Siempre me ha gustado correr, así que no fue particularmente difícil convertirlo en un hábito. Todo lo que necesitas son un par de zapatos para correr y puedes hacerlo en cualquier lugar. No necesitas a nadie para hacerlo contigo, por lo que me pareció que el deporte encajaba perfectamente conmigo, siendo una persona que tiende a ser independiente e individualista.
Se necesitan tres cosas para ganar: la disciplina, el trabajo duro y, por encima de todo, tal vez, el compromiso. Nadie va a hacerlo sin esos tres. Deporte te enseña eso.
Nadie quiere comprar un Civic eléctrico de $60,000. Pero la gente tendrá que pagar $90,000 por un deportivo eléctrico.

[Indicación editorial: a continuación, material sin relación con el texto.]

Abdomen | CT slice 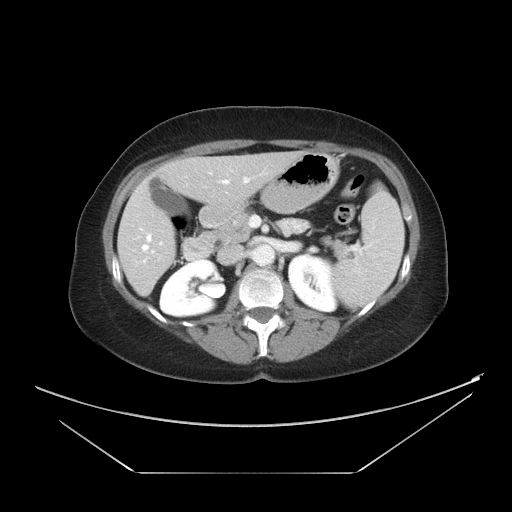
Some hepatic vessels may have no box.
hepatic_vessel:
  - x1=147, y1=234, x2=150, y2=241
  - x1=213, y1=268, x2=216, y2=275
  - x1=142, y1=244, x2=148, y2=250
  - x1=151, y1=251, x2=153, y2=252
  - x1=159, y1=242, x2=162, y2=244
  - x1=140, y1=228, x2=141, y2=229
  - x1=144, y1=260, x2=145, y2=261
  - x1=222, y1=180, x2=228, y2=183
  - x1=243, y1=177, x2=248, y2=182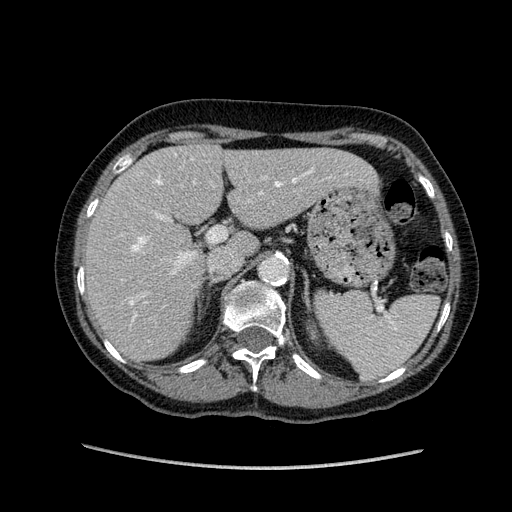

Computed tomography, Liver, 512x512 px

Segmented structures:
• liver: bbox=[86, 145, 373, 358]

No conozco a nadie en la escena de caza o deportes que salga con un rifle de asalto.
Mira, yo respeto el boxeo porque me ha dado tanto y por eso no voy a permitir que nadie maltrate el deporte del boxeo si puedo evitarlo.

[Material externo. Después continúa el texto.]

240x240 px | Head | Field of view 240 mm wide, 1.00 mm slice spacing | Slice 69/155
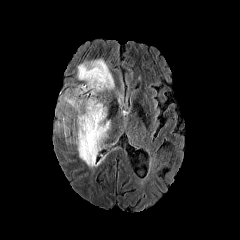
FLAIR MR image.
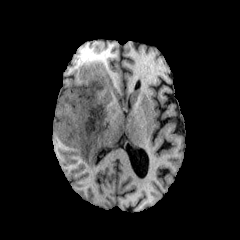
Same slice, T1-weighted MRI.
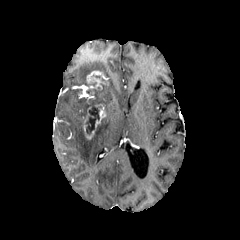
Post-contrast T1-weighted magnetic resonance.
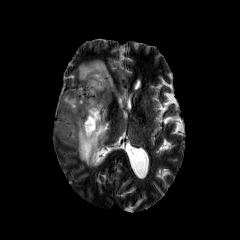
T2-weighted MR of the same slice.
<segmentation>
  <non-enhancing_tumor_core>(74, 129, 85, 138), (68, 86, 102, 134), (78, 78, 94, 88)</non-enhancing_tumor_core>
  <enhancing_tumor>(83, 113, 95, 139), (95, 107, 106, 128), (87, 70, 108, 89), (74, 85, 96, 104)</enhancing_tumor>
  <edema>(77, 60, 114, 93), (55, 89, 110, 167)</edema>
</segmentation>

A nadie le gusta un mal deporte, no importa cuáles sean las circunstancias.
Yo solo quería jugar al tenis. Empecé porque quería practicar otros deportes y, a medida que mejoraba poco a poco, quería ver hasta dónde podía llegar, pero siempre quise ser yo mismo. Quería ser original. No quería copiar el estilo de nadie.
No hay nadie más en la faz de la tierra que esté jugando un deporte a un nivel más alto... con un trasplante. Eso es lo que me sigue inspirando, porque me doy cuenta de las luchas que la gente está atravesando. Tengo que inspirar de la mejor manera que pueda.
Todo hombre desea vivir mucho tiempo, pero nadie quiere ser viejo.
Que los niños sean obligados a recibir instrucción religiosa que está en desacuerdo con los deseos de sus padres, es algo que nadie dice con justicia.
Un montón de personas desean llegar a ser devotas, pero nadie quiere ser humilde.
Si se tratara de un genio mágico, me gustaría pedirle dos deseos adicionales. Uno sería que nadie tuviera que vivir con la enfermedad, la distrofia muscular o cualquier otra enfermedad. Y el segundo sería la paz mundial, que dejemos de luchar, de hablar de las cosas, y podamos vivir en armonía, una vez más, como Dios quería que hiciéramos.
Y no creo que los niños sean inocentes. De hecho, nadie cree seriamente que. Sólo tienes que ir a un parque y ver a los niños jugando en el arenero! La idea romántica de que el niño dulce es más que los padres proyectan sus propios deseos.
Aparte de los islamistas rabiosos, nadie que quiera ser tomado en serio puede decir públicamente nada malo de los viejos judíos de Europa sin sonar como un reaccionario troglodita.
Nadie es perfecto y todo el mundo desea que podría cambiar algo de sí mismos.
Yo no creo que nadie esté capacitado para responder a las preguntas del destino eterno definitivamente, mucho menos identificar un día determinado.
Como nación tenemos el derecho a decidir nuestros propios asuntos, a moldear nuestro propio futuro. Esto no representa ningún peligro para nadie. Nuestro país es plenamente consciente de la responsabilidad de su propio destino en la complicada situación del mundo contemporáneo.